The literature on smartphone addiction and dependency has focused on young people because of the ease of constituting study samples from this population and their intense use of social networks (Gentina & Rowe, 2020). Unfortunately, there are few studies on adult populations, especially among workers. On the one hand, working adults may be protected from PSD by their activities at work. When focused on the tasks at hand, workers are distracted from compulsive use of their smartphones (whether compulsive use is linked to the phone as a “fetish” object or the multiple applications that offer an escape from the routine of daily life). On the other hand, the few studies on smartphone addiction among workers show that the perception of the benefits of smartphone use at work can turn into an addiction and, in turn, become counterproductive (Li & Lin, 2019).

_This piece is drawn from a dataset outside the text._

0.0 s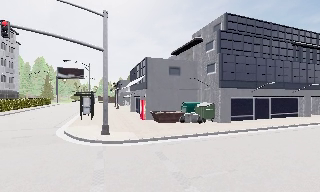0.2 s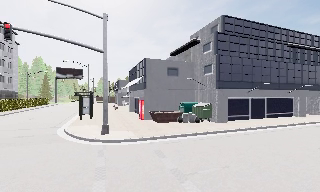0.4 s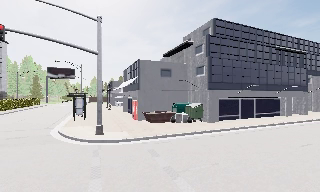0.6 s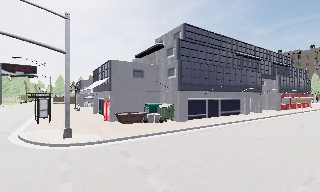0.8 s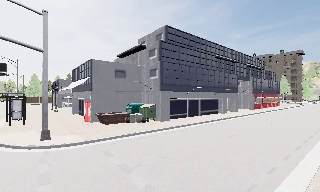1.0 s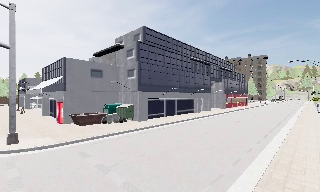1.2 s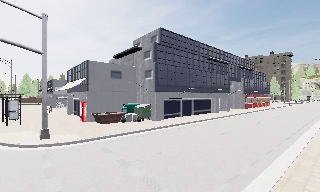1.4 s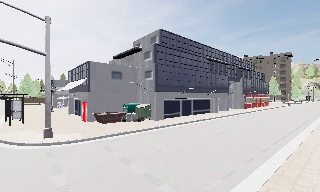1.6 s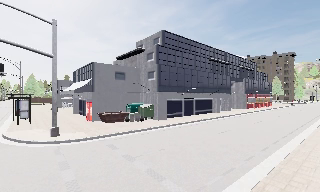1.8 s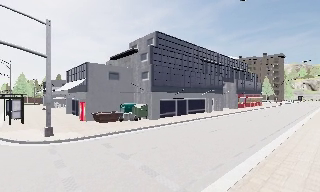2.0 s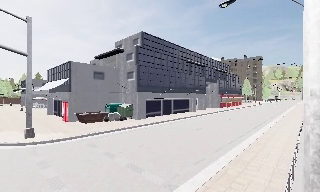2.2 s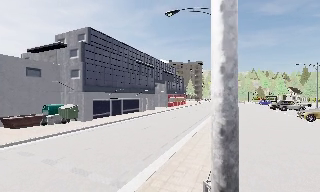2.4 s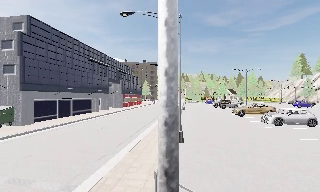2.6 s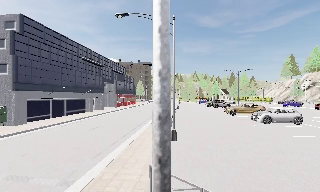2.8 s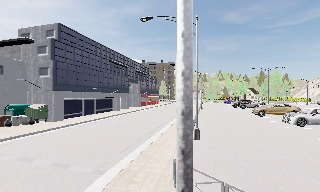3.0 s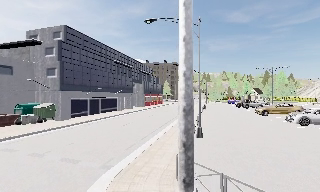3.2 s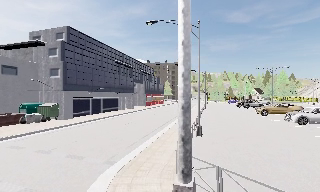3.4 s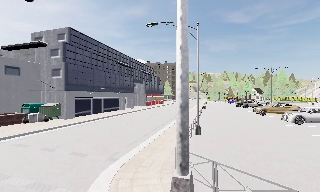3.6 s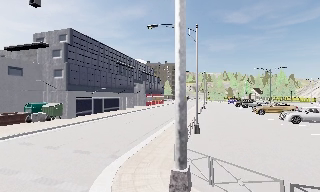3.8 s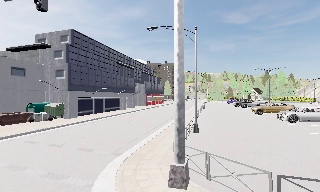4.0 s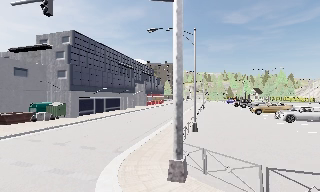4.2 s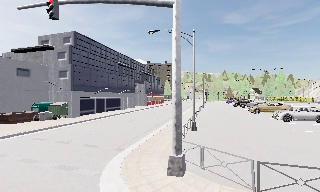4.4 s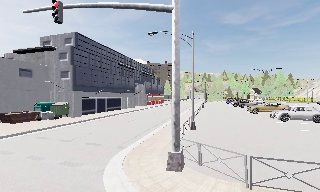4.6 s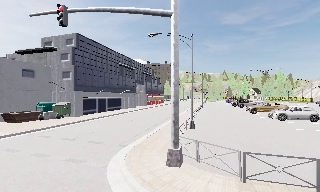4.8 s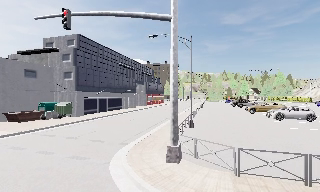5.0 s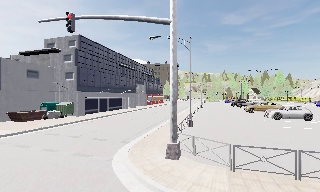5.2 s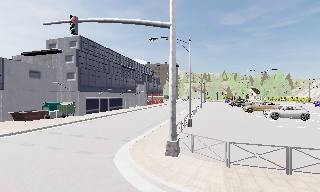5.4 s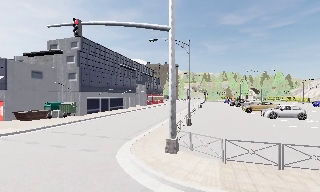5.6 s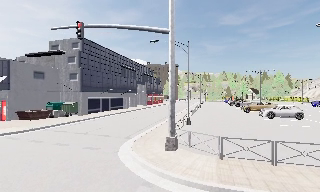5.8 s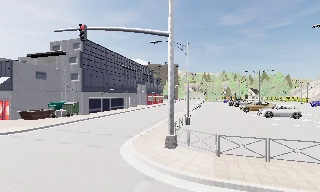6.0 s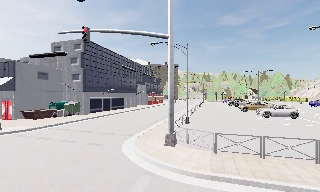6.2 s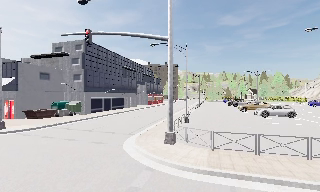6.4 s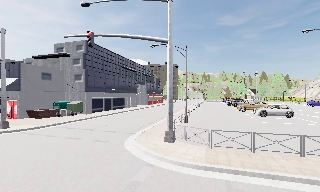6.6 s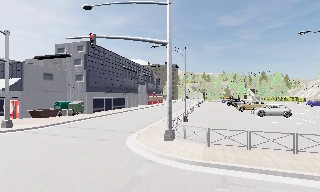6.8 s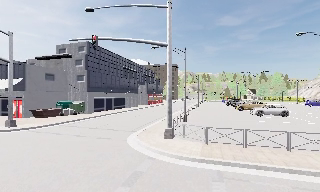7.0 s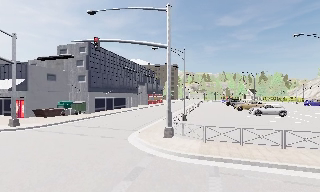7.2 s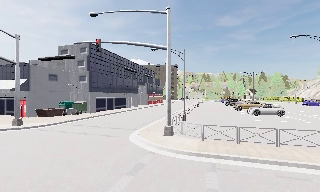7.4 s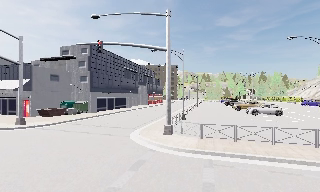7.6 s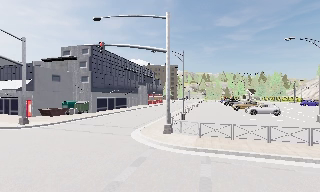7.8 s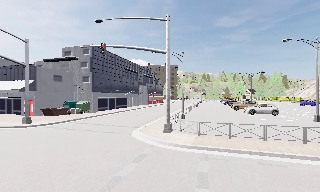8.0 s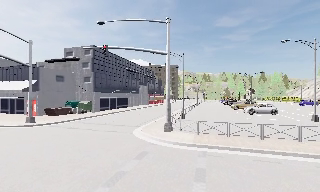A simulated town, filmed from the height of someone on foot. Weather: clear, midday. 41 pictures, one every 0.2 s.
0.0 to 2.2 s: The scene slides to the left, as the camera pans about 45 degrees to its right. It travels backward, about 3.5 m.
2.2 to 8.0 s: The camera travels backward, about 9 m, so what stands in front gets smaller.
The film runs backward here.

The smartphone can be considered a Swiss army knife by ambitious and organized executives who aim to improve productivity. It allows them to handle e-mails and offers numerous applications for business (Barkhuus & Polichar, 2011). It can, thus, be tuned for work and serve as a personal information systems (PIS) (Baskerville, 2011). Adapted in this way, the smartphone makes it possible to follow one’s workflow at any time, in any place, and without the encumbrance of a laptop.
For people who are passionate about their work, smartphones and the development of a PIS are not without risks. If an individual has difficulties regulating their behaviors, working life can encroach on time devoted to private life. This will result in work-family conflicts (Qi et al., 2017). Moreover, it may turn work enjoyment into work addiction, fostering dependency on the smartphone itself. Luckily, some personality traits contribute to a better capacity for self-regulation. Dispositional mindfulness – the “receptive attention to and awareness of present events and experience” (Brown et al., 2007, p. 212) – has been found to be a positive trait-based variable that alleviates automatic or compulsive behaviors (Daniel et al., 2022a).